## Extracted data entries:
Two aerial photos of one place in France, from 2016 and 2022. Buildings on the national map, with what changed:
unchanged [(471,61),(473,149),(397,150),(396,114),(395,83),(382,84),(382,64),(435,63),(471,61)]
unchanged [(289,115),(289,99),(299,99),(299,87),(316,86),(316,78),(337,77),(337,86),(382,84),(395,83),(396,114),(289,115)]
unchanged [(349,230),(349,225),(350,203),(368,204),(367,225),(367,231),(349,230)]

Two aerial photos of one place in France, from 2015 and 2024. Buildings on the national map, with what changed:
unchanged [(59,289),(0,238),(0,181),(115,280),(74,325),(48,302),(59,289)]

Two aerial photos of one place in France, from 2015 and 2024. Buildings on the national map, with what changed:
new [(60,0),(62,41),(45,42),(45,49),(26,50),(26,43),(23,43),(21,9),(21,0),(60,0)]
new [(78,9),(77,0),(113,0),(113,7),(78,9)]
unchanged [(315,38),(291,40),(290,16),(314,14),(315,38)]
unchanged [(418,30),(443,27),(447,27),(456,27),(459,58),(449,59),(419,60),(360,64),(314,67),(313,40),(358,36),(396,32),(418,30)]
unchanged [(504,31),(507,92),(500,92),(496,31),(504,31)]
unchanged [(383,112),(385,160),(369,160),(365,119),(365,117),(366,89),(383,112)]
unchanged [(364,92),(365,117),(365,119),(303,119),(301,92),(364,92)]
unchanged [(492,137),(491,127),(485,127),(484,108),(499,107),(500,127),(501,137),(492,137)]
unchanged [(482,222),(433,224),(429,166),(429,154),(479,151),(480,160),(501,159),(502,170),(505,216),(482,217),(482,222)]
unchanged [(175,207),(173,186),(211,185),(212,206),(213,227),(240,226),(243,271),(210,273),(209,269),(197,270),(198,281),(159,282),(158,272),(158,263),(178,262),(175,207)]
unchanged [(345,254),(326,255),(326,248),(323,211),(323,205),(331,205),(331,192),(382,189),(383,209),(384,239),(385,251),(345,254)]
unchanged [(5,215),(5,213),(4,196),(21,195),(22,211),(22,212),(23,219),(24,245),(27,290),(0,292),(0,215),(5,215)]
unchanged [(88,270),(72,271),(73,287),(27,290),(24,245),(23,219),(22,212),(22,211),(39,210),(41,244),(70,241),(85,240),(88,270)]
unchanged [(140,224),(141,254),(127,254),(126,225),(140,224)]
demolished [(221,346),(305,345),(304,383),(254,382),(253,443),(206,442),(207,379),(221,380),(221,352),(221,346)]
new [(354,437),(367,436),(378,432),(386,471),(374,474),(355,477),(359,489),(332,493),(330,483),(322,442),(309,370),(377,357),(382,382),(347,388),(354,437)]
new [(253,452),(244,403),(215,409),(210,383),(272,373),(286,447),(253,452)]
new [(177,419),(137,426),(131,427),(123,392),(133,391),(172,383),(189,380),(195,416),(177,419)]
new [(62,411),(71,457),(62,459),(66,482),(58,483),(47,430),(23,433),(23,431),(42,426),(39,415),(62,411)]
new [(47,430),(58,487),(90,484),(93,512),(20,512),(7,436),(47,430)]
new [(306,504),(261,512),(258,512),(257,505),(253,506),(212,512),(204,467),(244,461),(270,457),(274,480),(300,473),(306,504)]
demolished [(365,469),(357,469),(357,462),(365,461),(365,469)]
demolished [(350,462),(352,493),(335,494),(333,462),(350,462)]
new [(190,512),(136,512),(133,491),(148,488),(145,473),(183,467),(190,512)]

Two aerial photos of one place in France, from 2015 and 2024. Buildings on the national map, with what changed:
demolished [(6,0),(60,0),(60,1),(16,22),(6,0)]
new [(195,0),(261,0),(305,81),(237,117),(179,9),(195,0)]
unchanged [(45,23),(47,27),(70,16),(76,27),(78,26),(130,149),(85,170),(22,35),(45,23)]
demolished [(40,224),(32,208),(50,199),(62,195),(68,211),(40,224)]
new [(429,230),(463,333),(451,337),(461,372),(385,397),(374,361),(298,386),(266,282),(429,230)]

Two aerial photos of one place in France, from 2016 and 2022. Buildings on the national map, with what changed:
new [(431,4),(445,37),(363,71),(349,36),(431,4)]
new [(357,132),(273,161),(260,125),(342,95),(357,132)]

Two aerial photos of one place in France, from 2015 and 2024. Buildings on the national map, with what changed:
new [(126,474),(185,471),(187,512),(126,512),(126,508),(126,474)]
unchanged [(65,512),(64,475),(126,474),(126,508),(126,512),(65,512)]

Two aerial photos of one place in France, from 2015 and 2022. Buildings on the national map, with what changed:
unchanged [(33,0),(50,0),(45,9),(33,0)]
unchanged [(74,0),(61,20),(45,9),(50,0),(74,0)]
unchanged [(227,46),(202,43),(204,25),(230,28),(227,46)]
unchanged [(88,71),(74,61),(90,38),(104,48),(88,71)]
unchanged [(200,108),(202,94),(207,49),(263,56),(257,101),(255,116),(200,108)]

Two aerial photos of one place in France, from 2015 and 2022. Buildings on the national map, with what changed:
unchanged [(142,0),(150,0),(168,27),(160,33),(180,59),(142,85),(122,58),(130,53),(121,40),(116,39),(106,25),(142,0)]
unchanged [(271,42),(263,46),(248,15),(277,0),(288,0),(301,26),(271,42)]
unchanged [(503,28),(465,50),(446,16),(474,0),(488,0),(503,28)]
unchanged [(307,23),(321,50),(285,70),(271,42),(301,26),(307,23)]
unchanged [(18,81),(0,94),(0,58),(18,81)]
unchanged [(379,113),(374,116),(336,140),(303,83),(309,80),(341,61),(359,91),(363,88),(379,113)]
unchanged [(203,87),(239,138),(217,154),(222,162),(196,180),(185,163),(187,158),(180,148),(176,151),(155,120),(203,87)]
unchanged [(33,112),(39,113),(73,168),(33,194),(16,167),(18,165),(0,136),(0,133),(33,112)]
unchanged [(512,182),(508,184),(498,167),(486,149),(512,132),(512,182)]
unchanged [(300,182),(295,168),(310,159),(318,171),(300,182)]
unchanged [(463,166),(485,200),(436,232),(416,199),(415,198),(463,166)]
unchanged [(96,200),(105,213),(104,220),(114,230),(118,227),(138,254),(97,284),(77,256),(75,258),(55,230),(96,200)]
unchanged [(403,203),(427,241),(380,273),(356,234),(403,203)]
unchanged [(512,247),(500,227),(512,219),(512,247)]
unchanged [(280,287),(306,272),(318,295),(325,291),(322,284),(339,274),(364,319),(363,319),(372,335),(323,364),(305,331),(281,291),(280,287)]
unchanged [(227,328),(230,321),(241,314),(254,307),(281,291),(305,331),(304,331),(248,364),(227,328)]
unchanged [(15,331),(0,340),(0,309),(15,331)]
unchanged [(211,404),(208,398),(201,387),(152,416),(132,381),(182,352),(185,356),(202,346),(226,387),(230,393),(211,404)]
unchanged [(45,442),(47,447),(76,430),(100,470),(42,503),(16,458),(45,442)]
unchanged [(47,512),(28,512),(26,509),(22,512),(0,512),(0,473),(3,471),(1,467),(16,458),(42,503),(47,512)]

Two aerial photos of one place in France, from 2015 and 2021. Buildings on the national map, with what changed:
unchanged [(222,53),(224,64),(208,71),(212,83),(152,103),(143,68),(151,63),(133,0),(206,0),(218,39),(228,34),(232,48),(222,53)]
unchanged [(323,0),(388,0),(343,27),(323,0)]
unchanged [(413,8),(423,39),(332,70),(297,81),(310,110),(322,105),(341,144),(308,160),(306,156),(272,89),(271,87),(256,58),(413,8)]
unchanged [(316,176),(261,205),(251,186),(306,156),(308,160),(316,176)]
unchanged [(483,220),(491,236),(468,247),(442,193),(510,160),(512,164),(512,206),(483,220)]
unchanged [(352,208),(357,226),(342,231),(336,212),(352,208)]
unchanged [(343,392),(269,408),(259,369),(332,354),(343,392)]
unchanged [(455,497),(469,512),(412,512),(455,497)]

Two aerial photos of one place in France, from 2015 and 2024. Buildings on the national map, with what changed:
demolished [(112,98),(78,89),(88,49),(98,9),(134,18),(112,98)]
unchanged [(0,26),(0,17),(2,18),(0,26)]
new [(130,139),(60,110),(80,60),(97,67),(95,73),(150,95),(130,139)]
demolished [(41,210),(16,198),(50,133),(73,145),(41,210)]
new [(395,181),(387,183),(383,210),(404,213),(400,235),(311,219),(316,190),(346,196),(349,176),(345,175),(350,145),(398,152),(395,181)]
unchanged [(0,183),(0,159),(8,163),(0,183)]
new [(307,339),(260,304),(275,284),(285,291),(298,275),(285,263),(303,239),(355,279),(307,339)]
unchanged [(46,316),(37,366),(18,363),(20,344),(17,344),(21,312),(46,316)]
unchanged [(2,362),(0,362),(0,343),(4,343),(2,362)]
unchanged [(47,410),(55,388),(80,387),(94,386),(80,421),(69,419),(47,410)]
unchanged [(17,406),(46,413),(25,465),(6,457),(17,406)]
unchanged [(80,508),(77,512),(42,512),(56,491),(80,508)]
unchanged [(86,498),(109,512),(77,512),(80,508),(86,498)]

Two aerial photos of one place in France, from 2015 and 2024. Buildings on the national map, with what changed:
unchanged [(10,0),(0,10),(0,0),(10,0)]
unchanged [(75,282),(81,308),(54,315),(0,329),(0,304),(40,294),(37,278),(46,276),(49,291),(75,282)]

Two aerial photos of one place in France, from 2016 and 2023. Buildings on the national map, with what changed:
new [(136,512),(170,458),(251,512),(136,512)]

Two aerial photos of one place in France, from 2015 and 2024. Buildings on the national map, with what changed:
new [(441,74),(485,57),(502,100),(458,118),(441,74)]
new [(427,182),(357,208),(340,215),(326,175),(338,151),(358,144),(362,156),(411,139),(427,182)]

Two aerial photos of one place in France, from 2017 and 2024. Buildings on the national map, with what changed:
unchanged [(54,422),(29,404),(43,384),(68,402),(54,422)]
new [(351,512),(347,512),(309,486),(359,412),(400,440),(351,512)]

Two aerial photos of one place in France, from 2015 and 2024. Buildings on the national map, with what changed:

## Work instruction:
Exactly and exclusively, repeat the lines from the line that contains "Two aerial photos of one place in France, from 2017" through the end of the records, both ends included.

## Result of this exercise:
Two aerial photos of one place in France, from 2017 and 2024. Buildings on the national map, with what changed:
unchanged [(54,422),(29,404),(43,384),(68,402),(54,422)]
new [(351,512),(347,512),(309,486),(359,412),(400,440),(351,512)]

Two aerial photos of one place in France, from 2015 and 2024. Buildings on the national map, with what changed:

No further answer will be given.